Zum Ende der Herbstferien kam es in der Sachsenliga der männl. A-Jugend zum Aufeinandertreffen von zwei neu gegründeten Nachwuchsspielgemeinschaften. Dabei empfing die NSG Union Dresden die NSG Westsachen, einen Zusammenschluss des ZHC Grubenlampe und des SV Sachsen Werdau. Gespielt wurde dabei erstmals in der schönen Halle des Berufsschulzentrums in Radeberg.
 

Aus Sicht des Gastgebers begann die Partie optimal: Schnell führte man mit 3:0. Dabei wurde ebenso schnell deutlich, das die Gäste im dem in den Ferien frisch versiegelten Bodenbelag größere Probleme hatte. Dennoch konnten sie ihre offensichtliche Taktik, die Tempoverschleppung, in der ersten Halbzeit besser umsetzen als die Dresdner die Ihrige. Diese verfielen allzu häufig selbst in eine beinah lethargische Spielweise, so dass es Ihnen nicht gelang, die sichtbaren spielerischen Vorteile auch auf der Anzeigetafel deutlich zu machen und sich ergebnistechnisch abzusetzen. Erst mit der, wenige Minuten vor dem Halbzeitpfiff genommenen, Auszeit wurde die Schlagzahl wieder sichtbar erhöht und sich ein komfortabler Vorsprung beim Seitenwechsel erspielt (12:7).

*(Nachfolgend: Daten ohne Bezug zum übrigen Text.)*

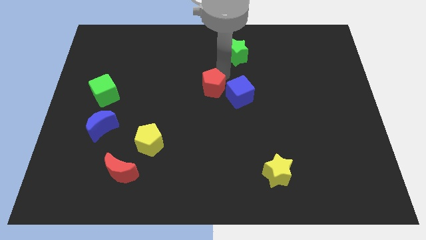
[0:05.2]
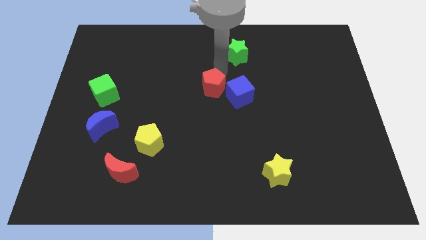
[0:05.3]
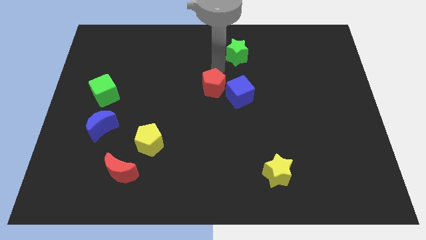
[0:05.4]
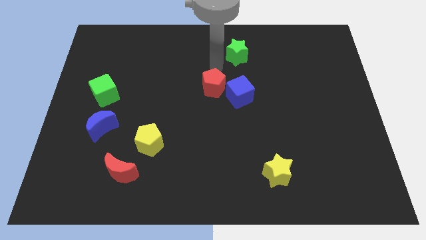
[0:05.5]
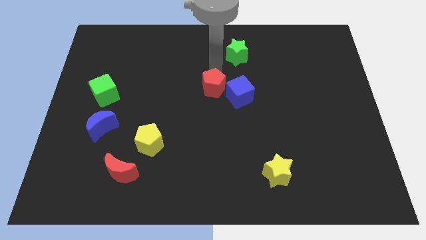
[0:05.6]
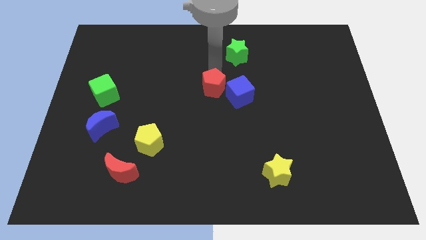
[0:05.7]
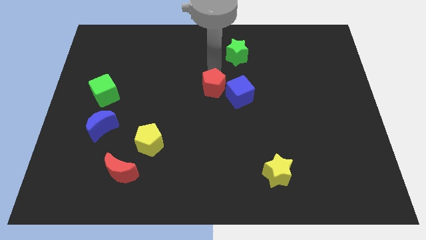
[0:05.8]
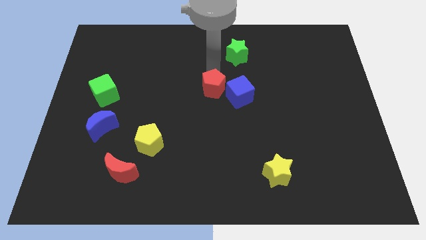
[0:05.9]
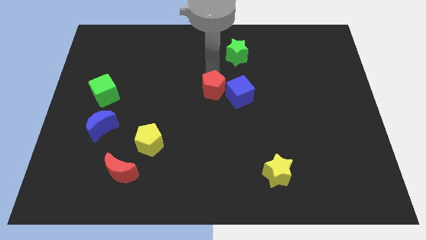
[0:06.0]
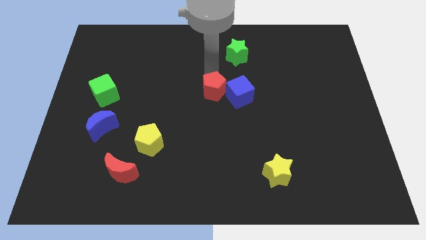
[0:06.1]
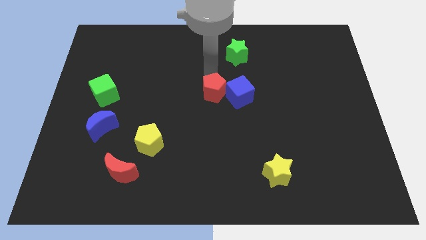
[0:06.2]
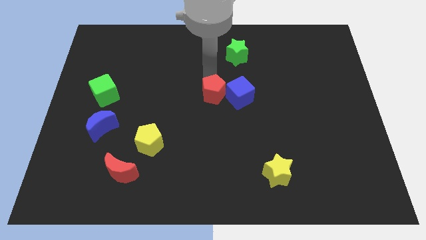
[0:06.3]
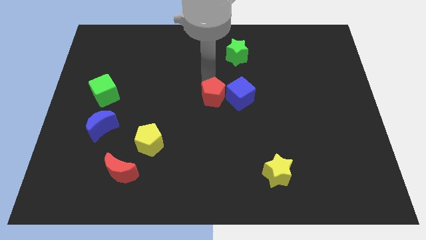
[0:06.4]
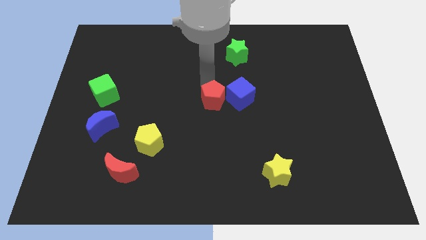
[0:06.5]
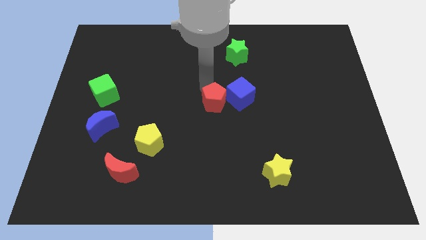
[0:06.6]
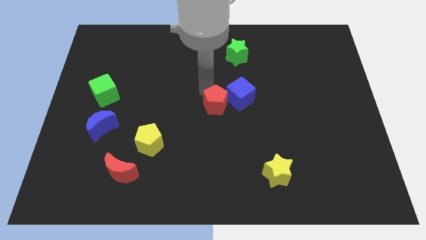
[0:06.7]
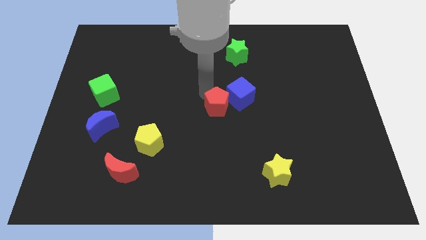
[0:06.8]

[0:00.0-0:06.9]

Aufbauend auf den letzten Minuten der ersten Halbzeit startete man sehr engagiert in den zweiten Durchgang und baute den Vorsprung sukzessive aus (17:9). Dies gestattete dem Trainergespann in der Folge, munter zu wechseln und jedem Spieler auch längere Einsatzzeiten zu geben. Dabei ist der aus dem Kreis der Radeberger Spieler stammende Dennis Rühle zu erwähnen, der bei seinem Einsatz im Kader der NSG Union Dresden 2 Treffer erzielen konnte. Schlussendlich gewann der Gastgeber bei seinem Erstauftritt in Radeberg zwar deutlich mit 29:17, ließ dabei aber Luft nach oben. Allerdings konnte man Selbstvertrauen für die anstehende schwere Aufgabe, dem Auswärtsspiel beim LHV Hoyerswerda (mit dem bei den Dresdnern trainierende Torhüter Hannes Werlisch!), tanken. Getrübt wurde der Erfolg allerdings durch die Verletzung von Sebastian Hinze!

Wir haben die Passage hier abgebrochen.